> _Raw data_:

○ ○ ○ ○

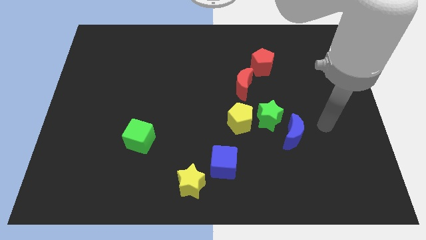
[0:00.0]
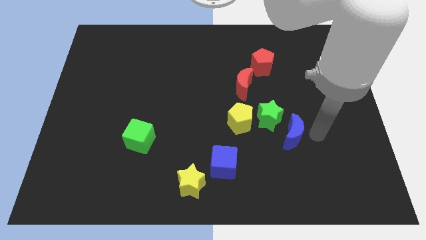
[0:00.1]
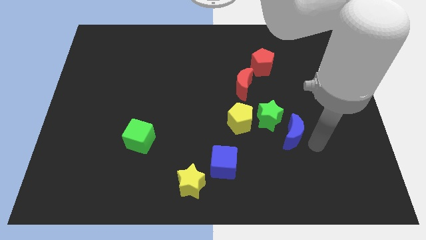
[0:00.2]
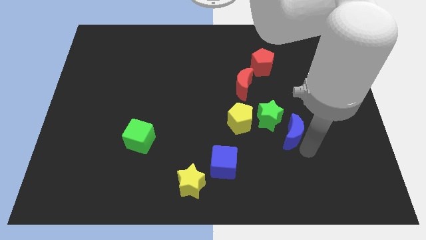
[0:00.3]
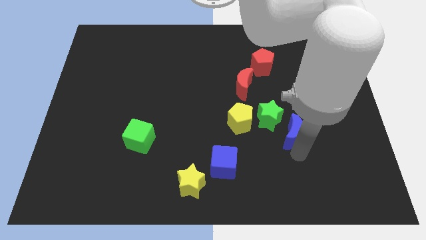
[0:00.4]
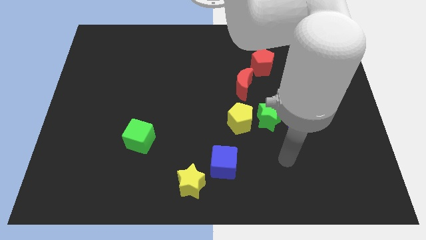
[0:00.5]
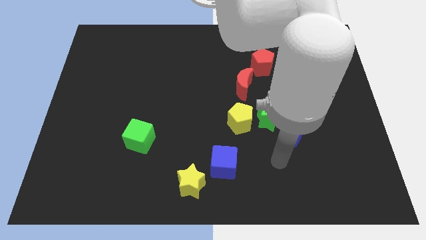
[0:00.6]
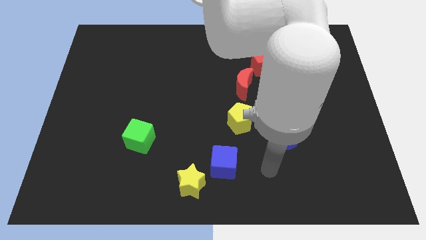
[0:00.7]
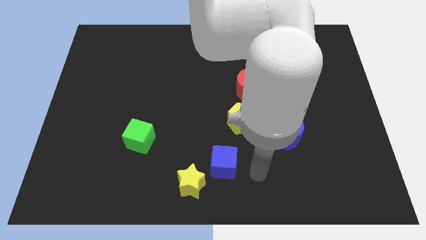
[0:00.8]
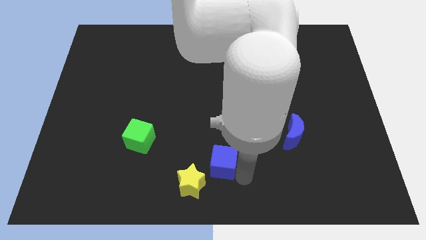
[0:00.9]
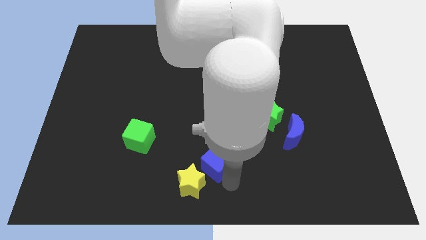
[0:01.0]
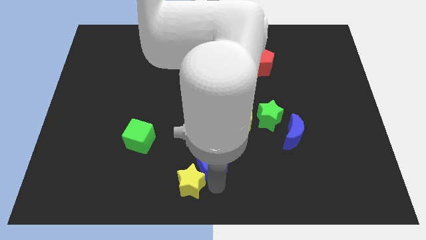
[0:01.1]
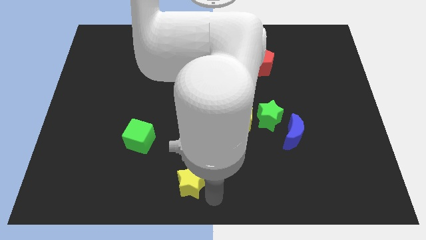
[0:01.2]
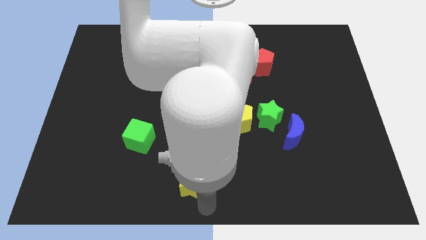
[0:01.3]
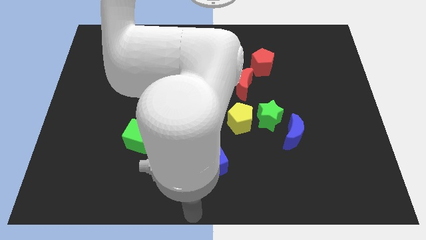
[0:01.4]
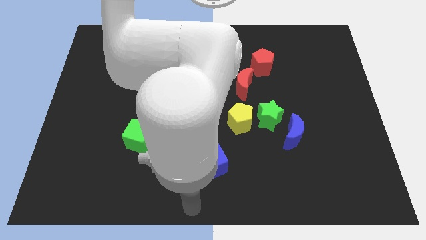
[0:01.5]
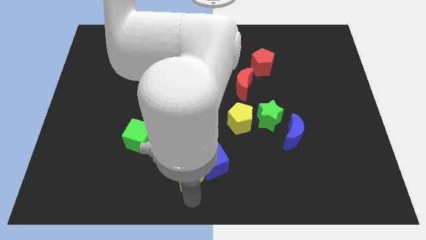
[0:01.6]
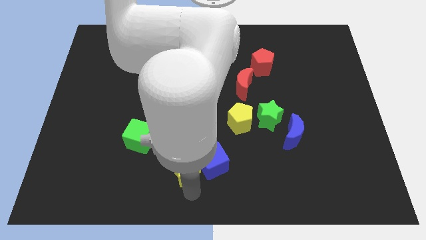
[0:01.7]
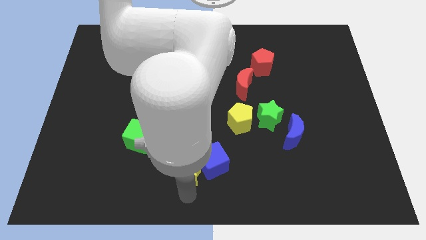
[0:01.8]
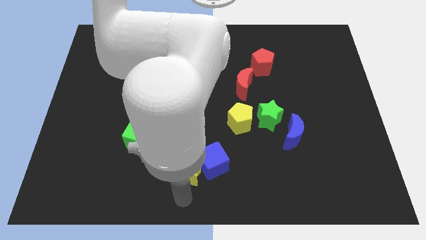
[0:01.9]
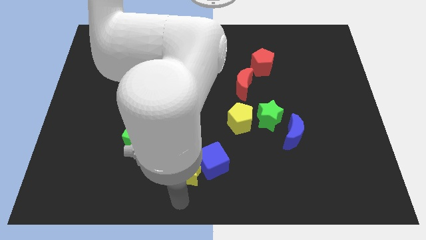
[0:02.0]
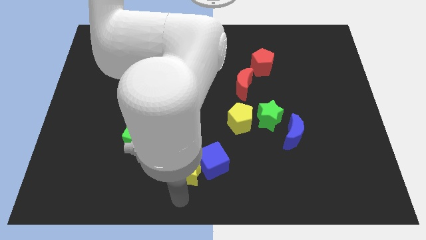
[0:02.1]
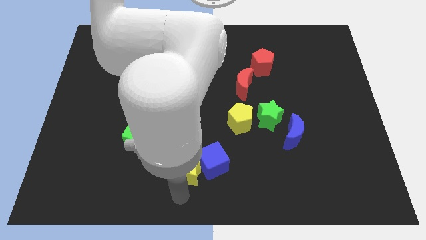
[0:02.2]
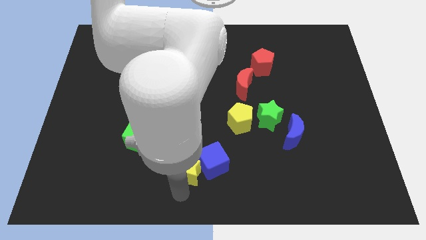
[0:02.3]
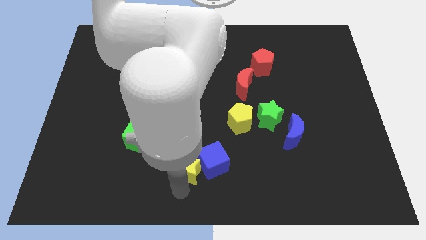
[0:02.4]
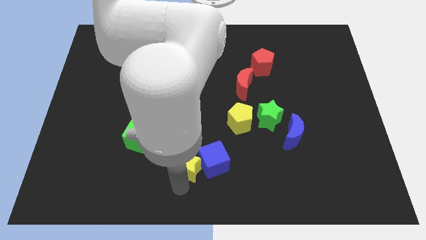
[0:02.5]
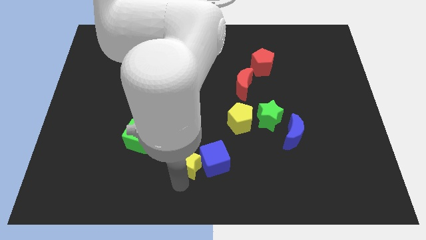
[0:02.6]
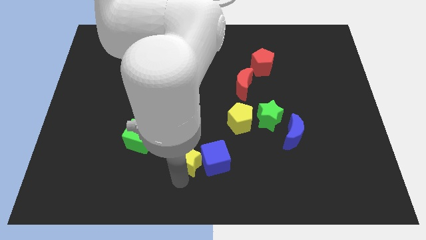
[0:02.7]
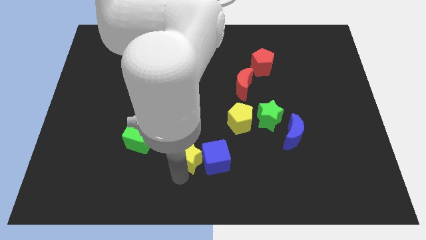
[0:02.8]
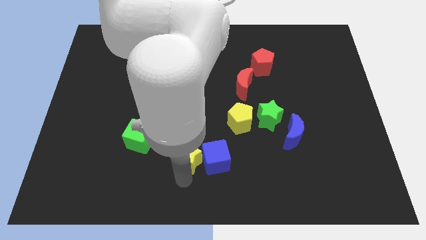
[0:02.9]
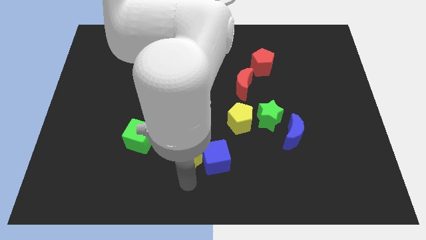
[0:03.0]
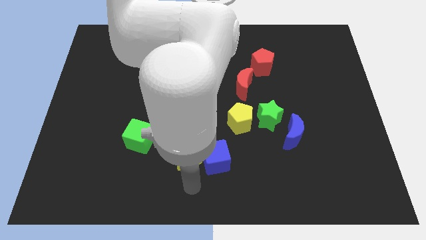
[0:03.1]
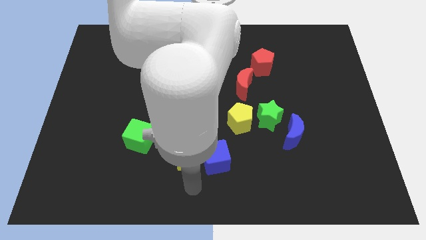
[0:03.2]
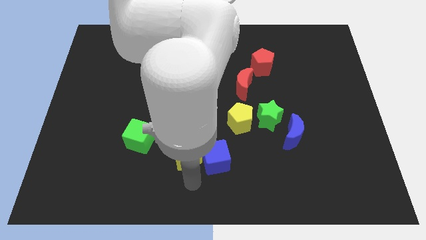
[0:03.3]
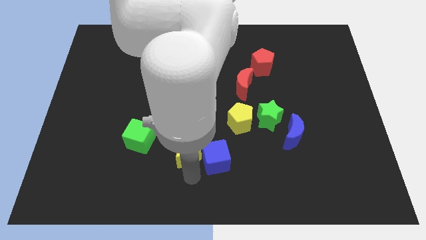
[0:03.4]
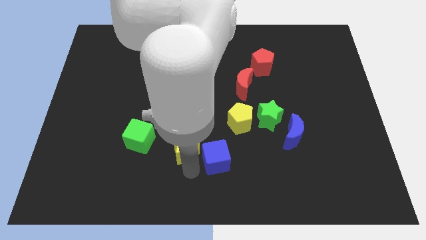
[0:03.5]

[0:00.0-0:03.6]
push the yellow star upwards a little

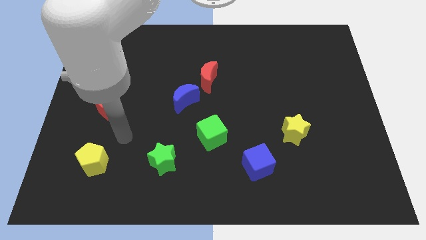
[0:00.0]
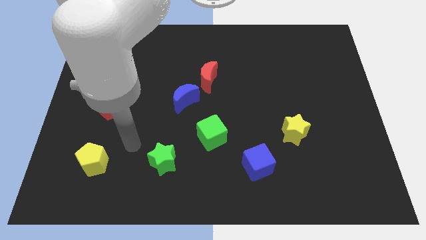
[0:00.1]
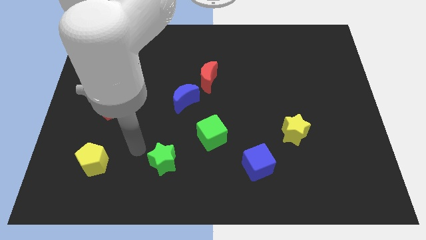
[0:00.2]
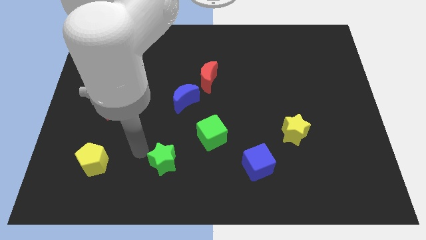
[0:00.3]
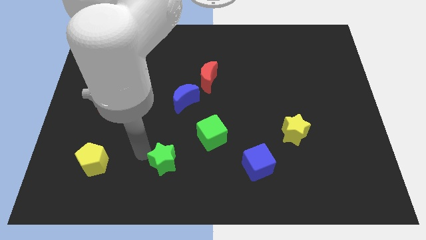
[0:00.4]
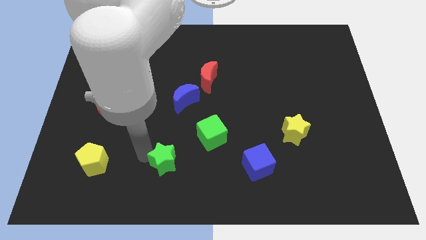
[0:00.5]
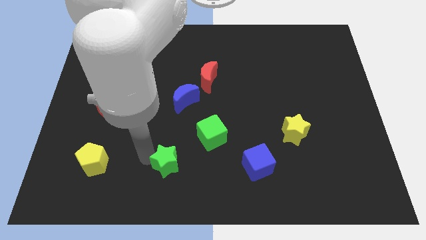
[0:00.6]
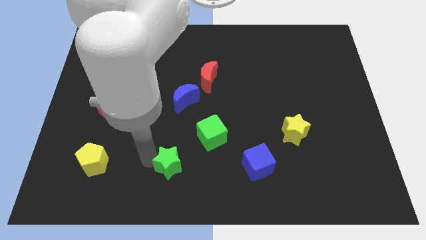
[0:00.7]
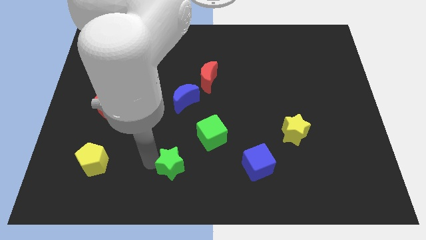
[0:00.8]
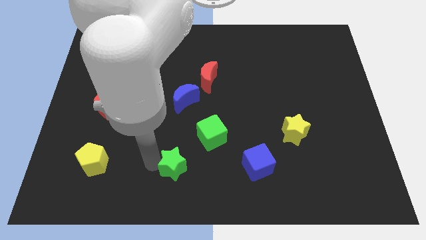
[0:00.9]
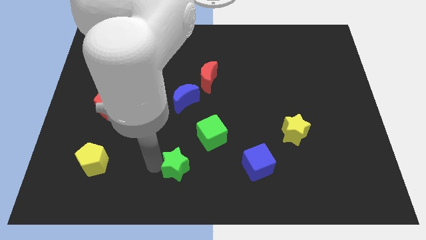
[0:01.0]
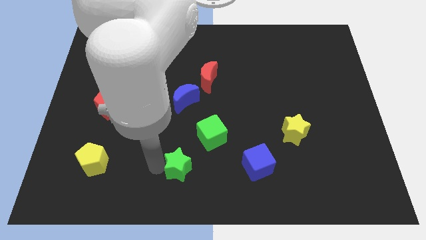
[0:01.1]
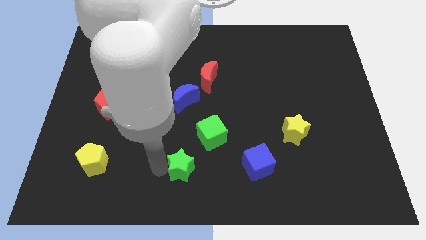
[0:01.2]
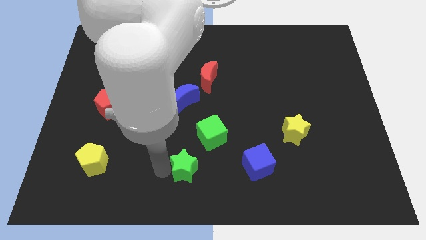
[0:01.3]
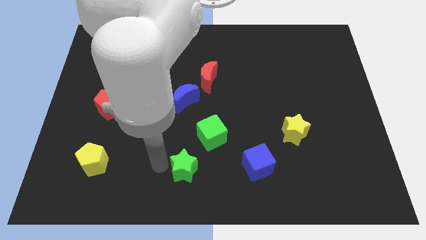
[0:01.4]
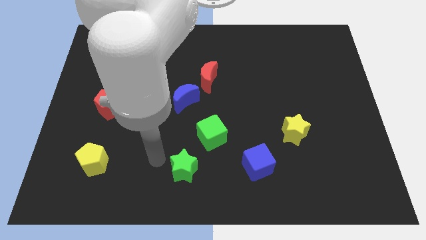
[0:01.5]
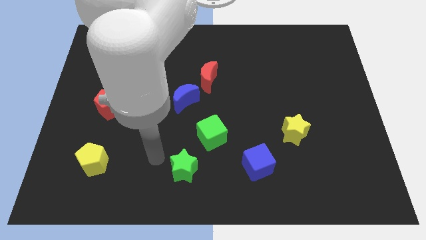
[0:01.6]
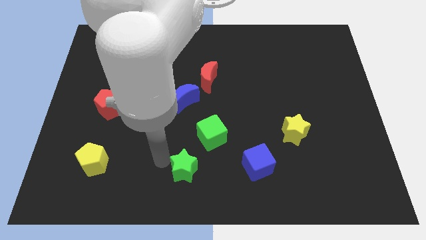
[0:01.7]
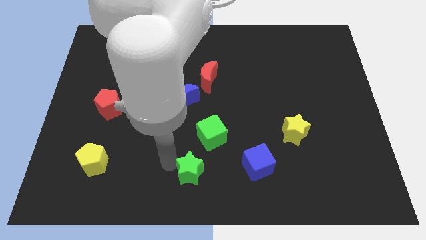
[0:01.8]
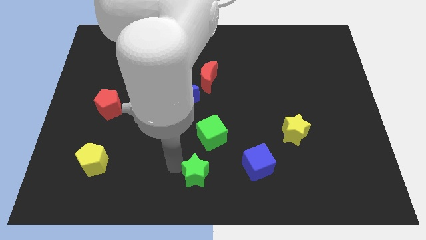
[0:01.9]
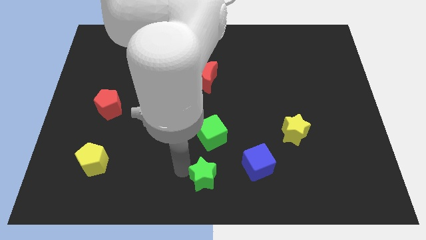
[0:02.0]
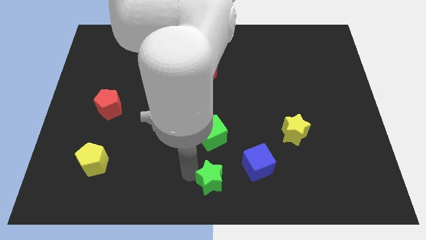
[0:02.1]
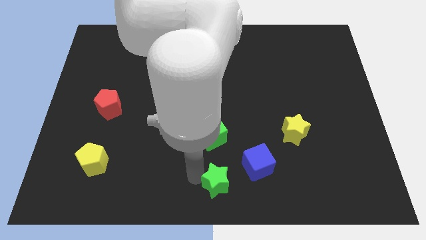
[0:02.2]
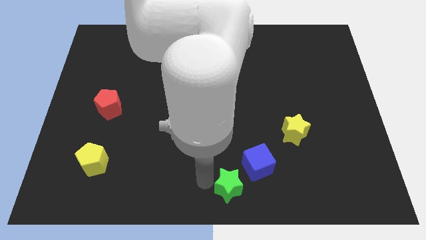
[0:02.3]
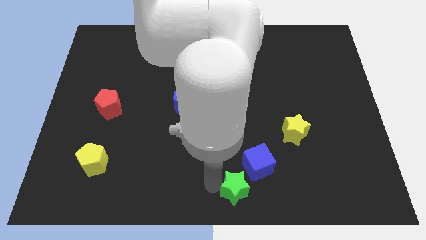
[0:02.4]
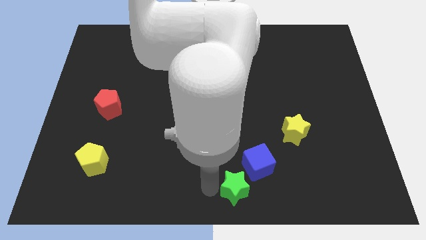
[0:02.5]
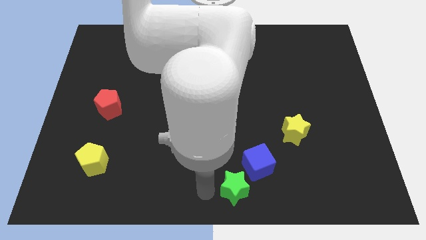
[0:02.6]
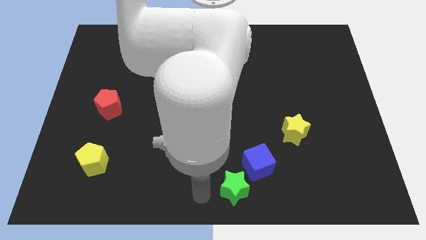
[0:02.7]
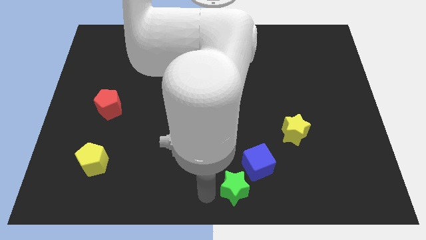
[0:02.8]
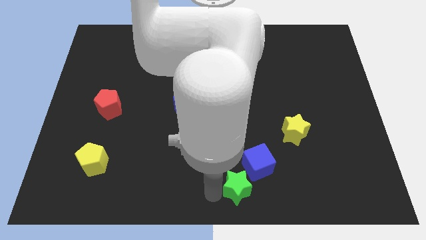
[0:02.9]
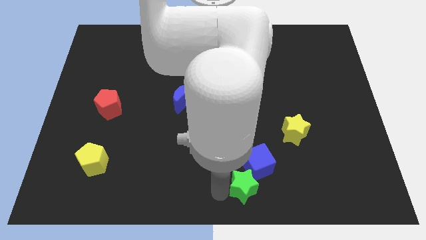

○ ○ ○ ○

> _What is required_: This task calls for an exact copy of the data above, without pictures.

> _Exercise result_:
[0:00.0]
[0:00.1]
[0:00.2]
[0:00.3]
[0:00.4]
[0:00.5]
[0:00.6]
[0:00.7]
[0:00.8]
[0:00.9]
[0:01.0]
[0:01.1]
[0:01.2]
[0:01.3]
[0:01.4]
[0:01.5]
[0:01.6]
[0:01.7]
[0:01.8]
[0:01.9]
[0:02.0]
[0:02.1]
[0:02.2]
[0:02.3]
[0:02.4]
[0:02.5]
[0:02.6]
[0:02.7]
[0:02.8]
[0:02.9]
[0:03.0]
[0:03.1]
[0:03.2]
[0:03.3]
[0:03.4]
[0:03.5]

[0:00.0-0:03.6]
push the yellow star upwards a little

[0:00.0]
[0:00.1]
[0:00.2]
[0:00.3]
[0:00.4]
[0:00.5]
[0:00.6]
[0:00.7]
[0:00.8]
[0:00.9]
[0:01.0]
[0:01.1]
[0:01.2]
[0:01.3]
[0:01.4]
[0:01.5]
[0:01.6]
[0:01.7]
[0:01.8]
[0:01.9]
[0:02.0]
[0:02.1]
[0:02.2]
[0:02.3]
[0:02.4]
[0:02.5]
[0:02.6]
[0:02.7]
[0:02.8]
[0:02.9]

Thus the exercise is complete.